THE Institute of Internal Auditors (IIA) and the Irish Association of Investment Managers (IAIM) have spoken out strongly following revelations that €1bn of loans being transferred in the first stage into Nama have been found to have no supporting loan or sloppy loan documentation.
Nama has confirmed that as much as €1bn of the first €16bn of loans it has checked from four banks – including Irish Nationwide, AIB, Bank of Ireland and EBS – have either inadequate or non-existent documentation that would have invalidated the security the banks held over the assets. Many more billions of euros worth of "dodgy documentation" are likely to be revealed when the four banks complete the transfer of more loans and Anglo Irish Bank starts transferring its commercial property loans to Nama.
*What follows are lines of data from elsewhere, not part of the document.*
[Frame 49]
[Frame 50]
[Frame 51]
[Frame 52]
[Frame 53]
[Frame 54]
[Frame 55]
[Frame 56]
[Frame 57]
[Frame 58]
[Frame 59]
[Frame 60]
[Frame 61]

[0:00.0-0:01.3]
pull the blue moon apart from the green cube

Nama will get any loans for free where documentation has been found to be improper as the bad bank will apply a 100% discount to the dodgy loans.
A spokesman in London for the IIA, which represents internal auditors in companies and banks in Britain and Ireland, said the revelations raised "serious concerns".
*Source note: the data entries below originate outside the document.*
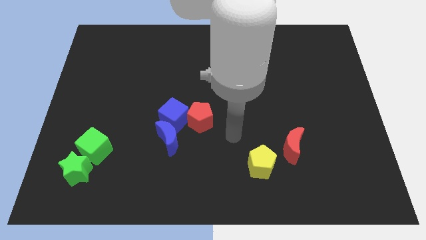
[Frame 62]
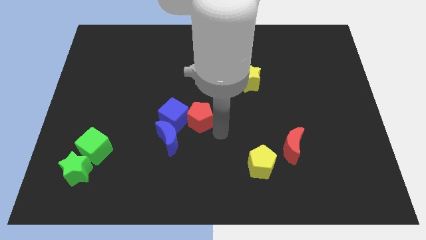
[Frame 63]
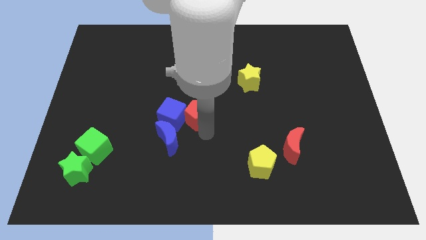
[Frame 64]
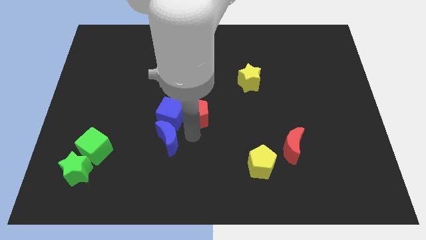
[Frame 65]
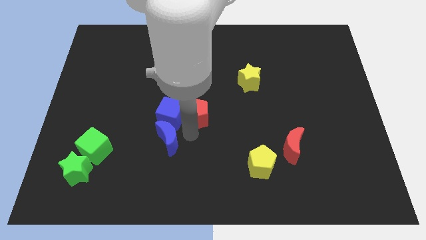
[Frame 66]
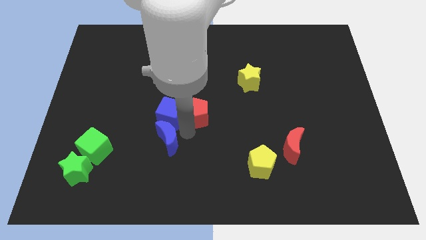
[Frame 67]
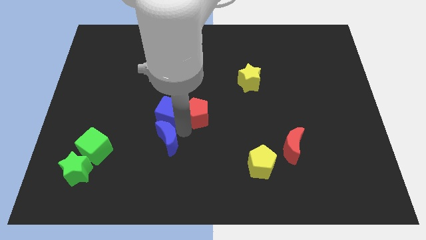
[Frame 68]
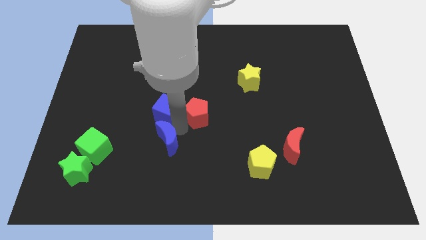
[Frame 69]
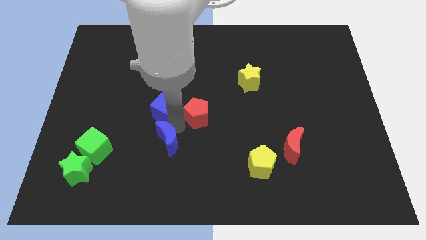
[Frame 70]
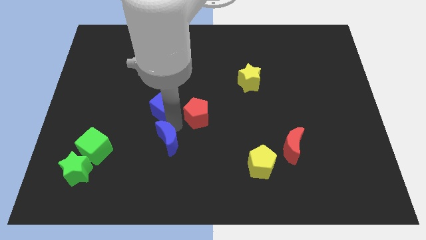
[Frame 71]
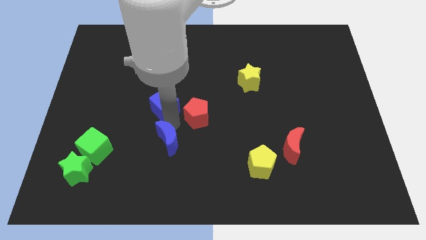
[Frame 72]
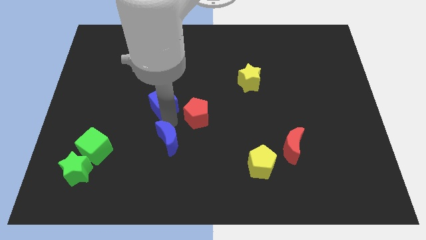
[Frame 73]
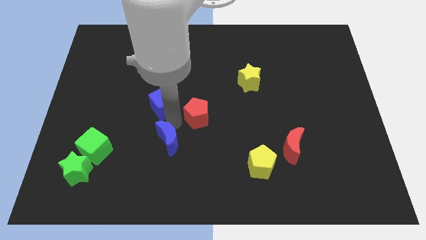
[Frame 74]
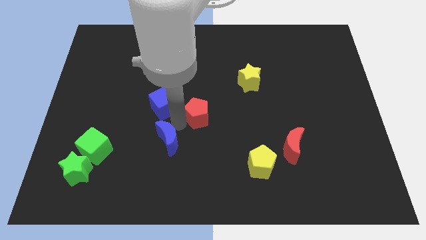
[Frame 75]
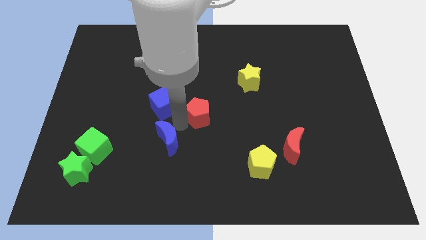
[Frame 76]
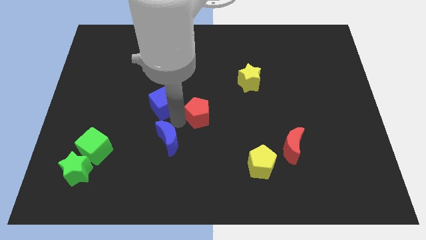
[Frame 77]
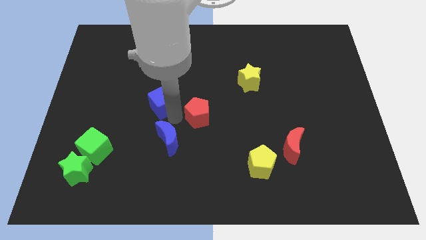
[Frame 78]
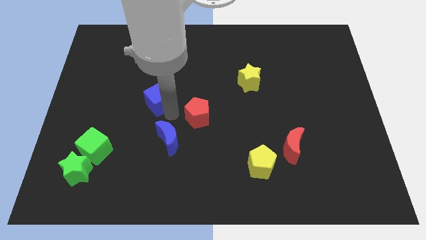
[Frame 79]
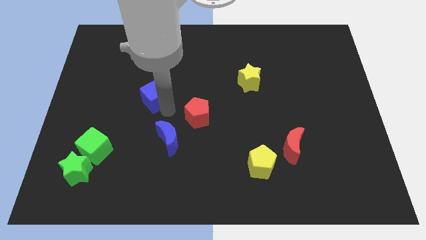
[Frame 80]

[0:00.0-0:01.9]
pull the blue cube apart from the blue moon and red pentagon

"It is yet another revelation about the clear need to improve governance," spokesman Phil Gray said. The IIA is hosting a major conference near Dublin later this week that will hear from corporate governance guru Mervyn E King on the need to tighten rules. King will call for a redrawing of reporting rules so that internal auditors would report directly to non-executive directors on company boards.
Frank O'Dwyer, chief executive of the Irish Association of Investment Managers, whose members own about 8% of the shares in AIB and Bank of Ireland, said the revelations showed again that investors had been "let down" by regulators and the boards of the banks.
"The loans that were not properly approved or documented were a matter of very serious concern," O'Dwyer said.